Exercise is a basic necessity in wake of pandemic: Dutch Sports Council
It is high time that the government acknowledged that sport and exercise are basic life necessities, according to the Dutch Sports Council. Movement can help in both enabling better protection against the development of diseases and against the serious consequences of infectious diseases, including Covid-19, the council pointed out in a letter to the Ministers of Health, Welfare and Sport (VWS).
The council called on the three ministers to regard sports and exercise as a basic necessity of life and to protect the Dutch population against inactivity. With two pandemic "wake-up calls" –– lack of exercise and Covid-19 –– plus research showing that lack of exercise is the biggest health problem of the 21st century, the council was surprised and saddened that in her first week, Minister Conny Helder indicated that sport and exercise are not an essential service, it said.

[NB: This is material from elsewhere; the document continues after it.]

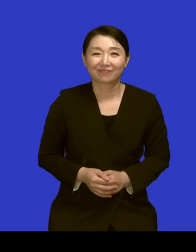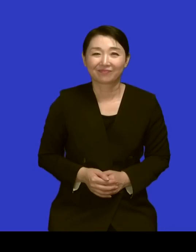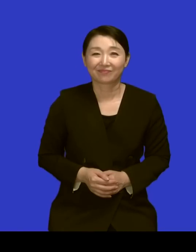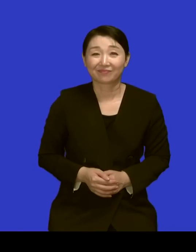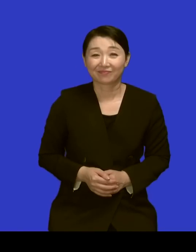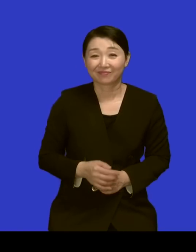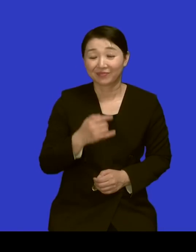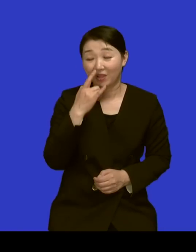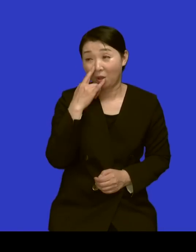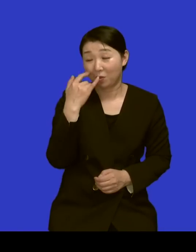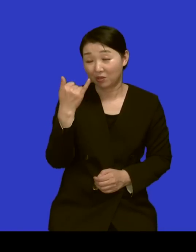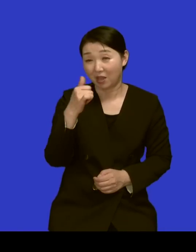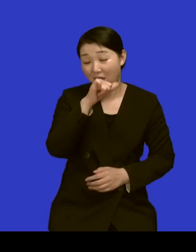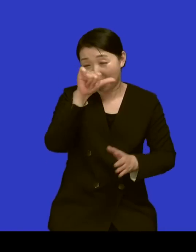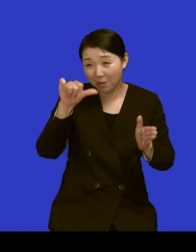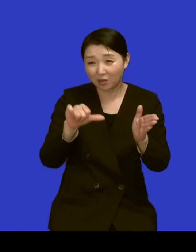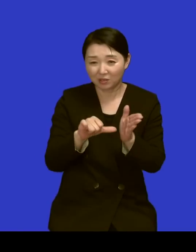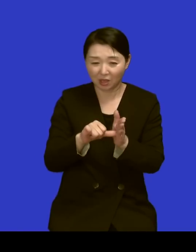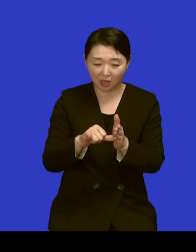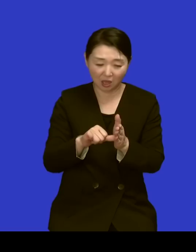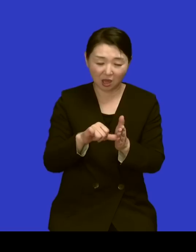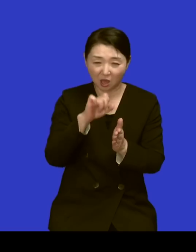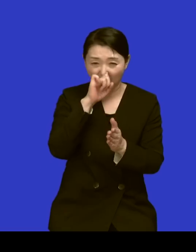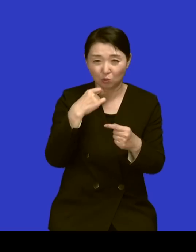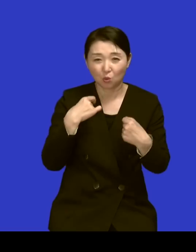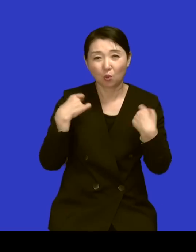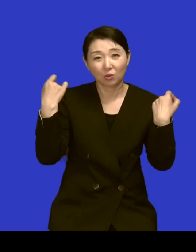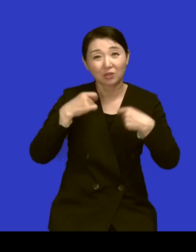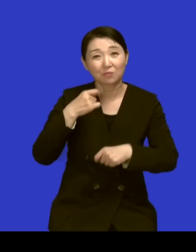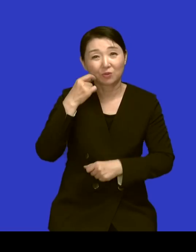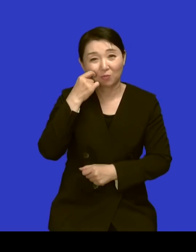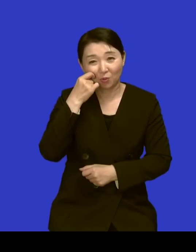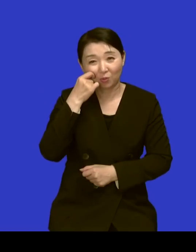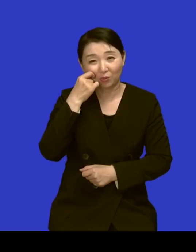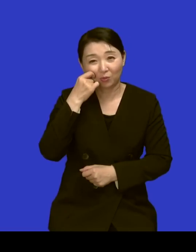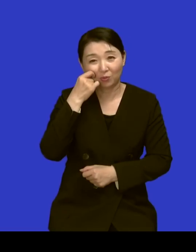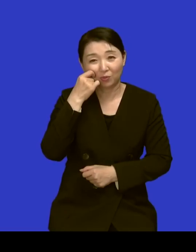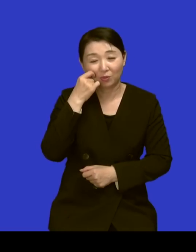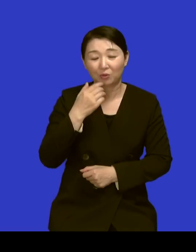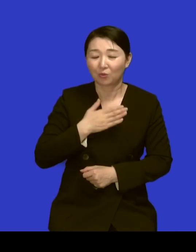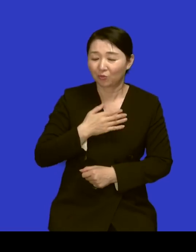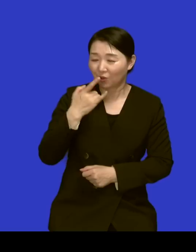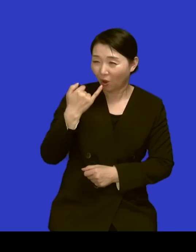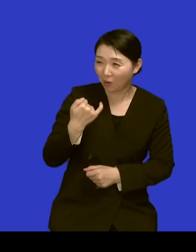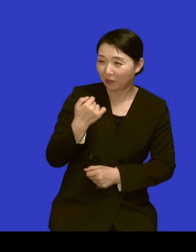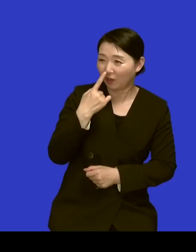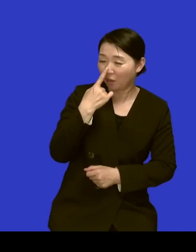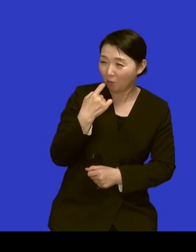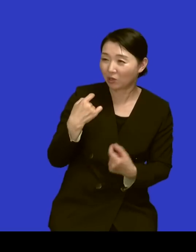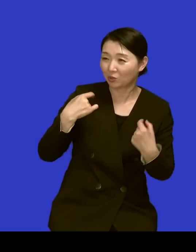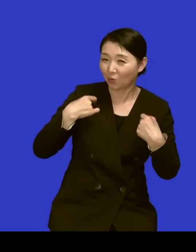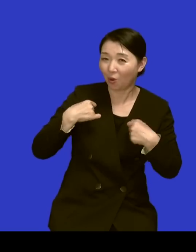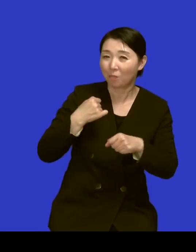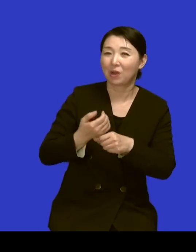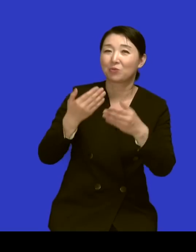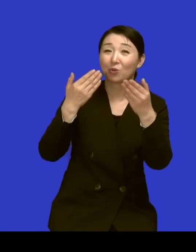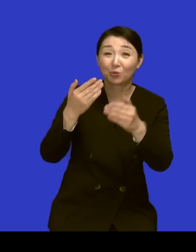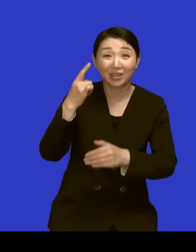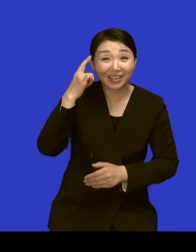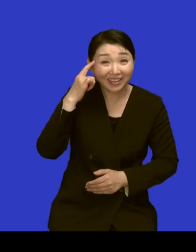좋은 옷 못 입고 사셨을 텐데 네 티셔니가 되신 후에 우리 엄마 내가 멋진 옷 만들어줘야지 만들어주신 적은 없어요? 아유 그거는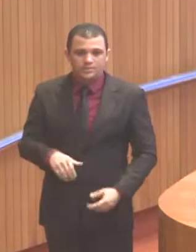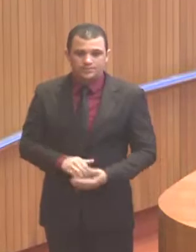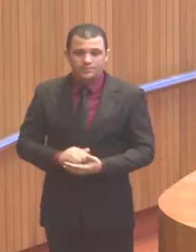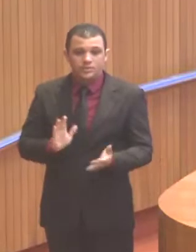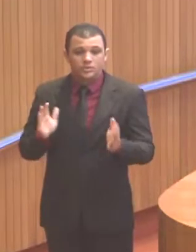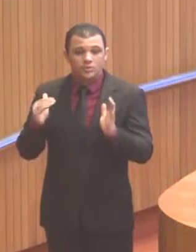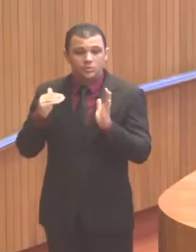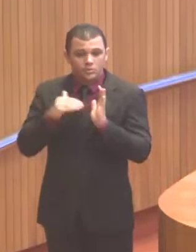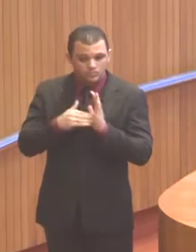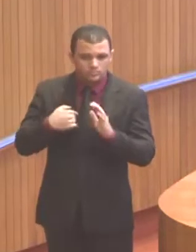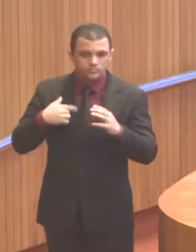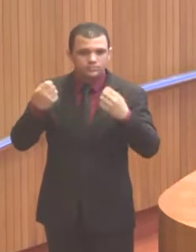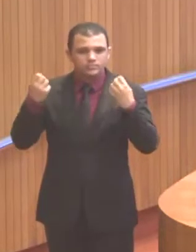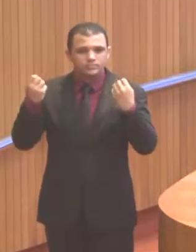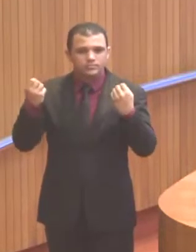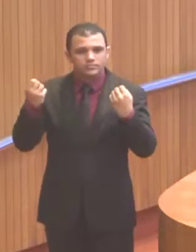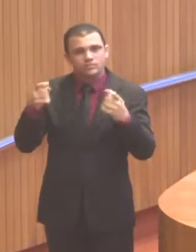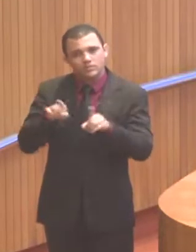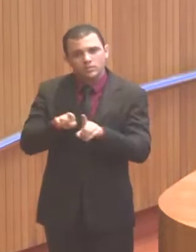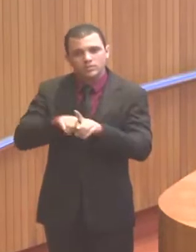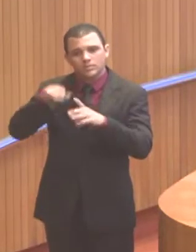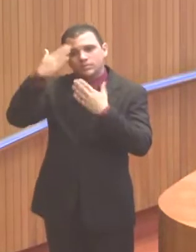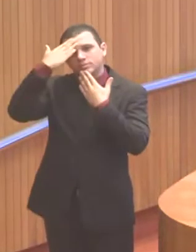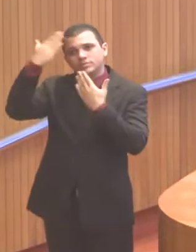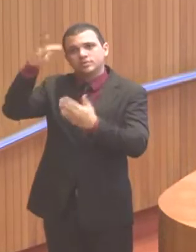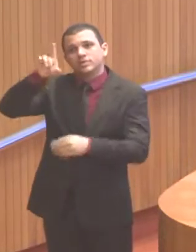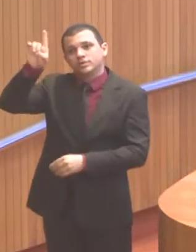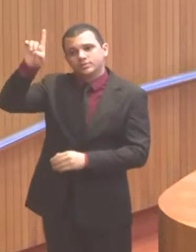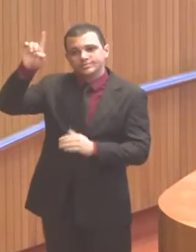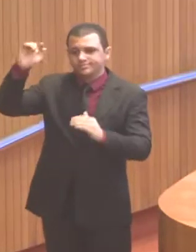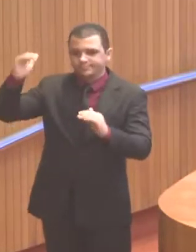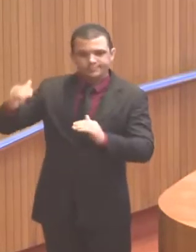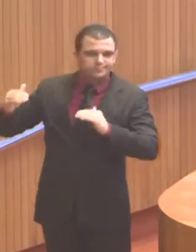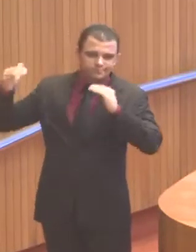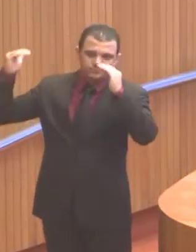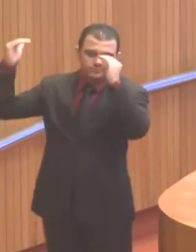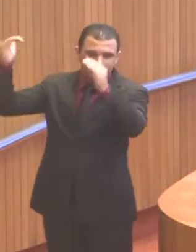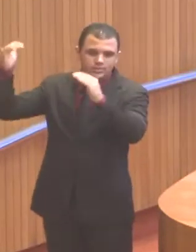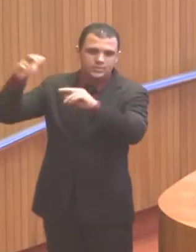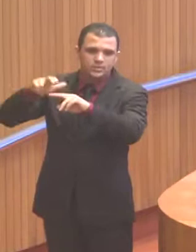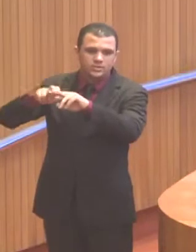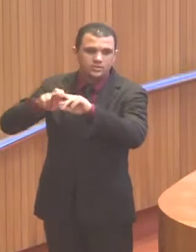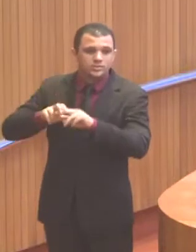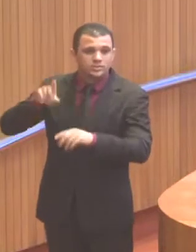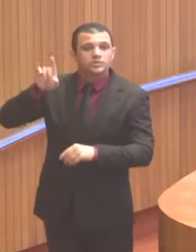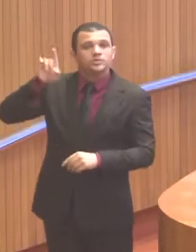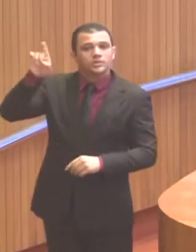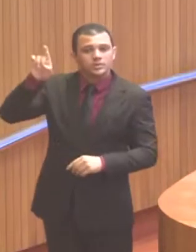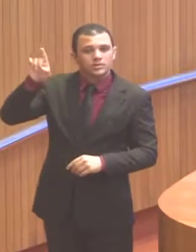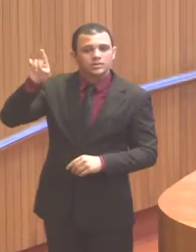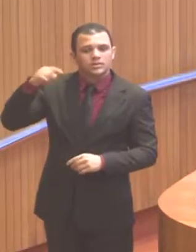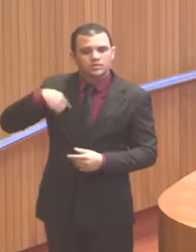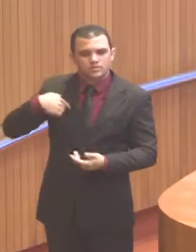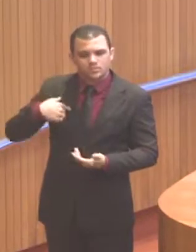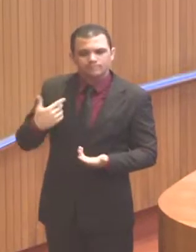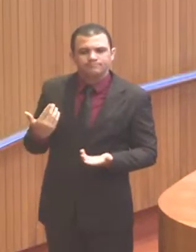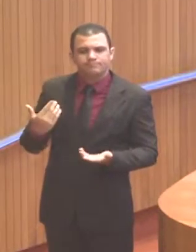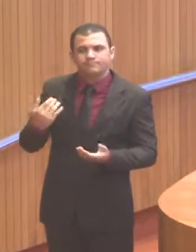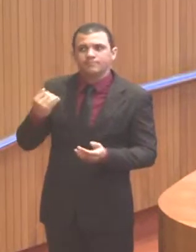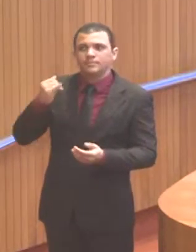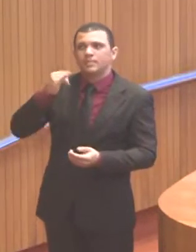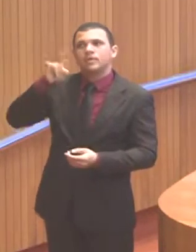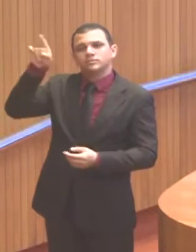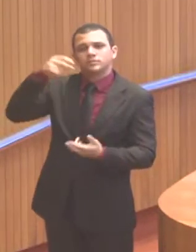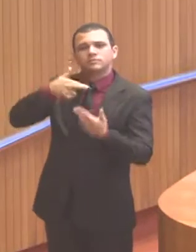também fazer um agradecimento a Deus, acima de todas as coisas, porque é a quem eu rendo tudo o que tem acontecido

The council also encouraged the government to switch to health protection rather than health promotion. Health promotion assumes that citizens can make an individual choice for a healthy lifestyle, whereas the basic principle of health protection is that the government must protect citizens from an unhealthy lifestyle.
“People cannot always make the personal choice to have an active lifestyle. Just look at neighborhoods without sports facilities," said council member Erik Scherder. "Or take schools, offices and care institutions where children, adults and the elderly are 'forced' to sit. But also think of groups of people who have little choices, such as people with a disability or a low income. In situations like this, people must be protected by the government from inactivity."
Protection has proven to be a better route than health promotion, according to the council. This was demonstrated in the anti-smoking measures which have included banning smoking advertisements and smoking in the workplace and in the hospitality industry.
The sports council believes the government can play a crucial, protective role in tackling lack of exercise. It also encourages a law that will make sport and exercise available to everyone.
“The urgency of the issue of inactivity is so great that we cannot ignore it," said Council Chair Michael van Praag. "Until then, the Public Health Act offers the Cabinet the opportunity to declare sport and exercise essential, so that the current sport and exercise offer can remain open under all circumstances."